Why Is an LLC Operating Agreement So Important in California?

What is the purpose behind an LLC operating agreement and why is this such an important document in an LLC in San Diego and Southern California? In these days of downloading forms from a website and rushing into business most LLCs miss one of the most important issues in the process of forming a business – the operating agreement.

If you are a one-person company you will be making all of the decisions and an operating agreement may not seem that important to you. However, if there is going to be more than one owner or “member” in your LLC the operating agreement is an essential document that deserves your attention. What is the operating agreement? The operating is a contract between the members of the LLC which establishes the responsibilities, voting rights and other duties of each member of the LLC, as well as how business decisions and operations will be undertaken.

What is the role and responsibility of each member? What percentage of ownership does each member carry and what duties and voting rights are associated with that membership?

How will profits be distributed between the parties? How often will the company hold meetings and how will they be conducted? What happens if there is a substantial life event (often referred to as a “trigger”) for one of the members such as death, incapacitation, divorce or personal bankruptcy? What happens if a member is no longer able to sustain their financial commitments to the company or exercise their duties?

Do you want the ex-spouse of a fellow member to take half of their ownership (and voting rights) during the divorce? Suddenly you have a new business partner. Now what? Consider the unexpected death of a member. Without the right protections their ownership interest (and control) will pass to their designated heir.

There are almost 100 crucial clauses to be decided upon. Some will be a “do you want THIS or That?” Others will be “do we include this or not?”

Perhaps you should consider the valuation of a member’s interest if a triggering event occurs. Who has the right to buy-out their interest and at what price? If there are multiple members with varying percentages of ownership, should the exiting member’s interest be divided proportionately according to the remaining member’s percentage of ownership?

It may surprise you to learn that California has a strong body of law that protects minority interests in normal operating decisions and in any subsequent dispute. Do you really want California’s “default legislation” to determine what happens within your own company?
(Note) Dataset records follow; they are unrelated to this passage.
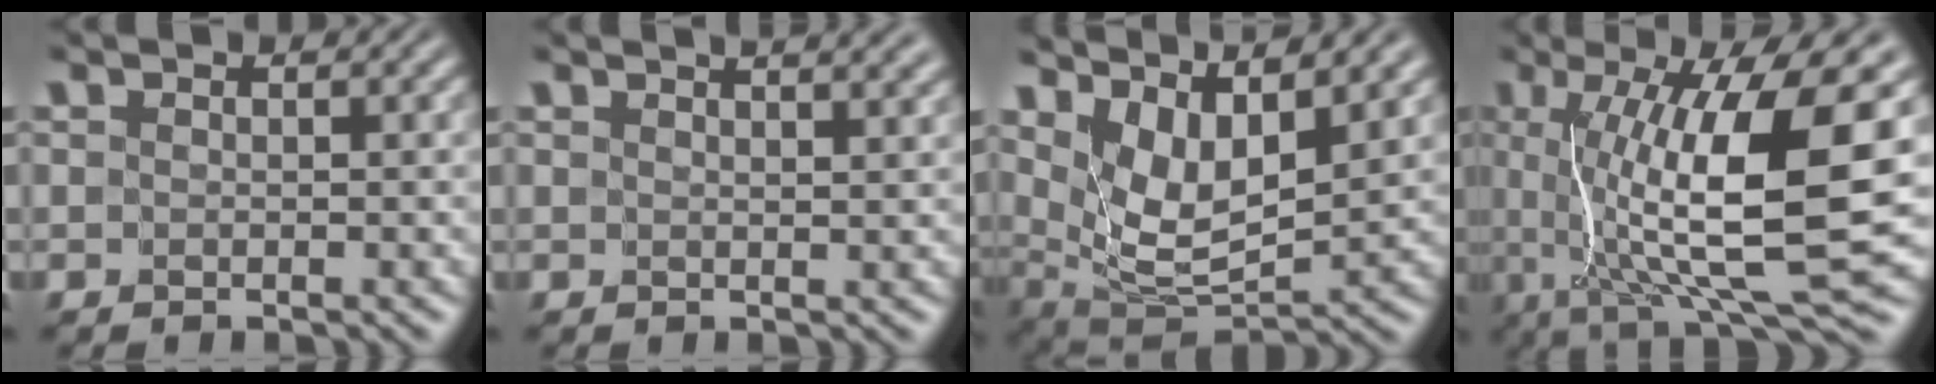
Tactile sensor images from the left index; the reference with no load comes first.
{"total": 4.7, "force": [3.5, 1.8, 2.6], "torque": [-0.017, 0.022, 0.019]}
{"total": 7.1, "force": [4.2, 2.4, 5.2], "torque": [-0.105, -0.003, 0.078]}
{"total": 12.2, "force": [1.5, 2.9, 11.8], "torque": [-0.188, -0.006, 0.033]}
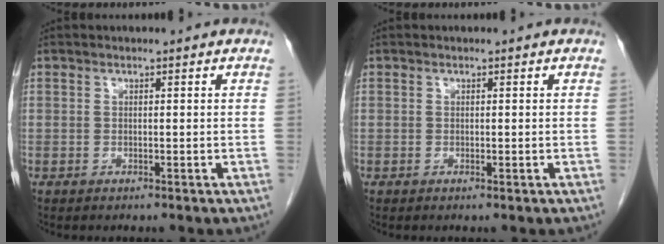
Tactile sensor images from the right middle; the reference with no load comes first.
{"total": 0.0}
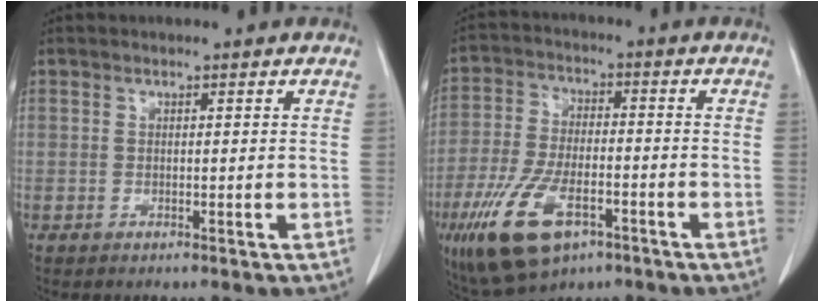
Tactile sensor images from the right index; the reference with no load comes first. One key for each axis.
{"total": 13.7, "fx": -7.0, "fy": 6.0, "fz": 10.1, "tx": -0.216, "ty": -0.010, "tz": -0.118}
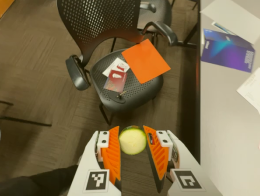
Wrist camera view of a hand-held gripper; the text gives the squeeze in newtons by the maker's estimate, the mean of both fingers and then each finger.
{"total": 13.7, "left": 14.6, "right": 12.8}
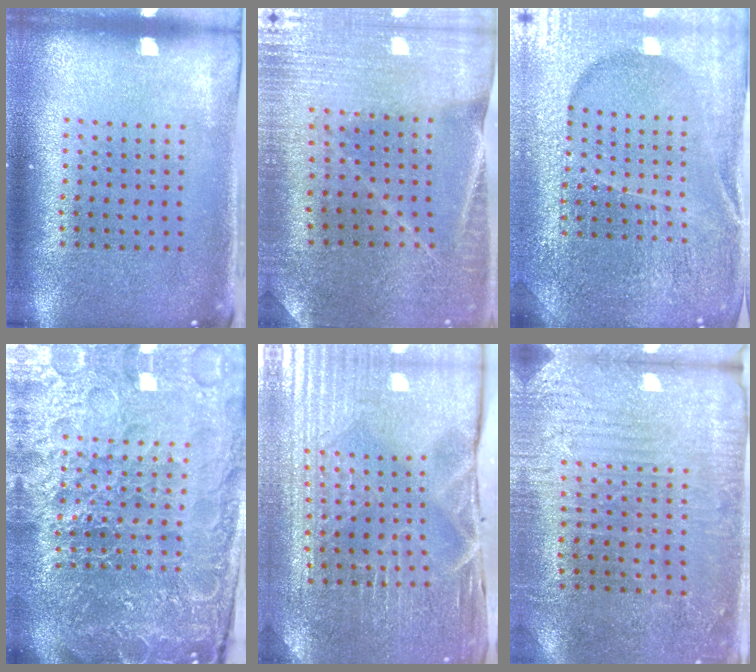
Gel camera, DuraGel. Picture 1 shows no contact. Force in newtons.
{"total": 1.2, "press": 1.2, "slide": 0.1}
{"total": 5.1, "press": 4.7, "slide": 2.0}
{"total": 6.6, "press": 5.8, "slide": 3.1}
{"total": 3.9, "press": 3.9, "slide": 0.4}
{"total": 2.9, "press": 2.7, "slide": 0.9}
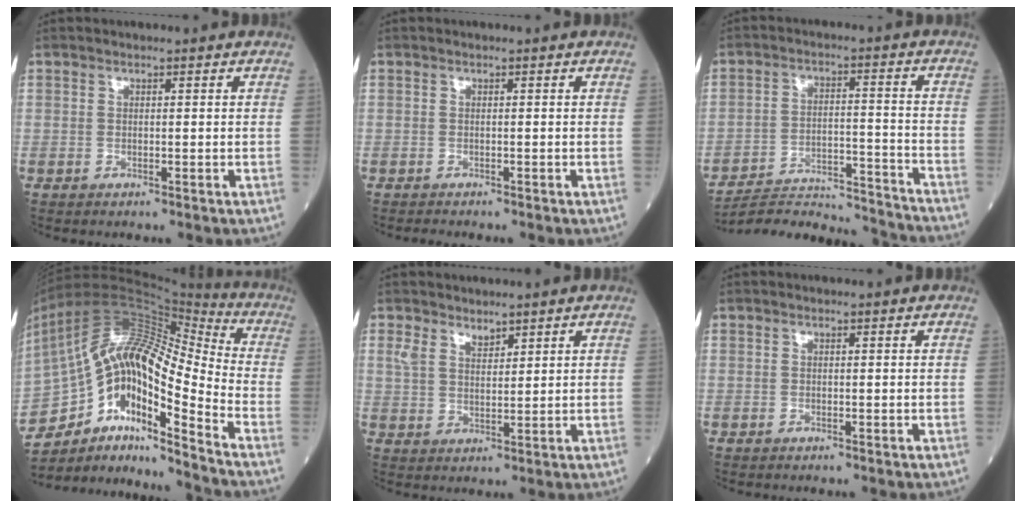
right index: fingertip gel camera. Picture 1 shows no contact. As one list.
[{"total": 0.8, "force": [-0.8, 0.0, 0.1], "torque": [-0.008, -0.005, -0.014]}, {"total": 17.7, "force": [-17.3, 0.1, 3.6], "torque": [-0.069, -0.001, -0.258]}, {"total": 20.0, "force": [-10.8, 4.6, 16.2], "torque": [-0.297, 0.036, -0.185]}, {"total": 3.5, "force": [2.6, 1.7, 1.6], "torque": [-0.036, 0.009, 0.056]}, {"total": 0.0}]
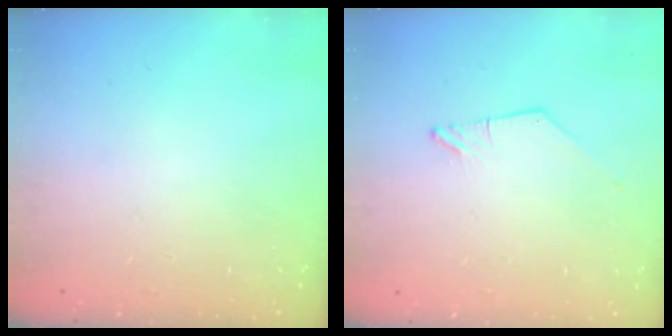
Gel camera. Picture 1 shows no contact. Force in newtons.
{"total": 0.0}
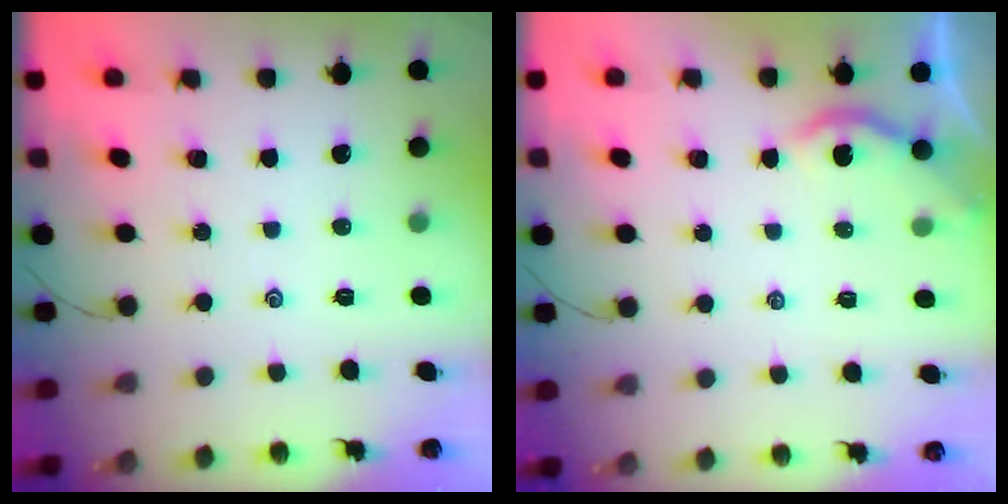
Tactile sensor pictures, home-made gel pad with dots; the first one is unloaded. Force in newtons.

Finally, consider why you have a corporate entity in the first place. Your LLC is an entity which separates you, personally, and all of your personal assets and debts from the corporate entity of an LLC. This is known as the corporate veil. This crucial separation of the members personally from the company prevents creditors of the company from pursuing the owner/members of the company personally for debts or liability of the LLC. You want to protect your personal assets and all you’ve worked so hard to build. The operating agreement actually establishes that corporate veil and additional protections which protect the individual interests of each member, as well as the interests of the members as a whole.